WHAT NEEDS TO BE DONE: Without adding anything, give again the lines from the one holding "Question: Could you" through the final line of the records, exactly, with both ends included and pictures dropped.

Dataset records
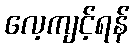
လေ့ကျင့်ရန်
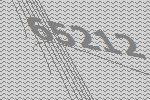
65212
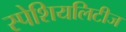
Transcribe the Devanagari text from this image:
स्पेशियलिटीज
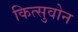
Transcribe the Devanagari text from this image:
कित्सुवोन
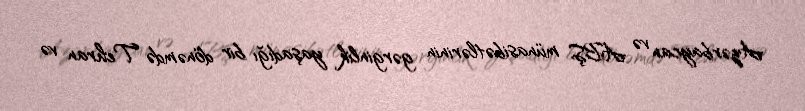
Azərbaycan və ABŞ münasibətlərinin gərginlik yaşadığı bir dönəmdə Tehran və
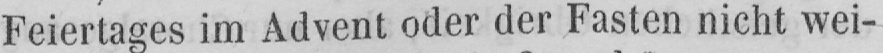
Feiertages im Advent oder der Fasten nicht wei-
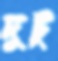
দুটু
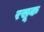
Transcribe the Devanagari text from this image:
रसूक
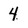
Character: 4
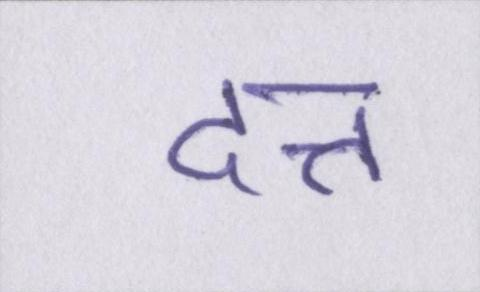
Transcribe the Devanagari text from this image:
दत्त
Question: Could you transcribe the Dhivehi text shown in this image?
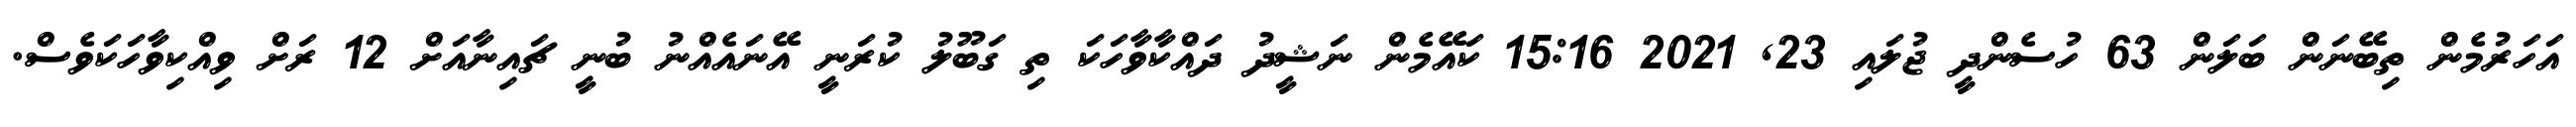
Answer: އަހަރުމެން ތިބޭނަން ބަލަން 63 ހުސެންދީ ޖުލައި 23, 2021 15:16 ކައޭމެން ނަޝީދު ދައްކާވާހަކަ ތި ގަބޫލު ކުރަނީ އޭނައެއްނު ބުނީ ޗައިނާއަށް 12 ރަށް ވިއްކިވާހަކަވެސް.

SOLUTION:
Question: Could you transcribe the Dhivehi text shown in this image?
Answer: އަހަރުމެން ތިބޭނަން ބަލަން 63 ހުސެންދީ ޖުލައި 23, 2021 15:16 ކައޭމެން ނަޝީދު ދައްކާވާހަކަ ތި ގަބޫލު ކުރަނީ އޭނައެއްނު ބުނީ ޗައިނާއަށް 12 ރަށް ވިއްކިވާހަކަވެސް.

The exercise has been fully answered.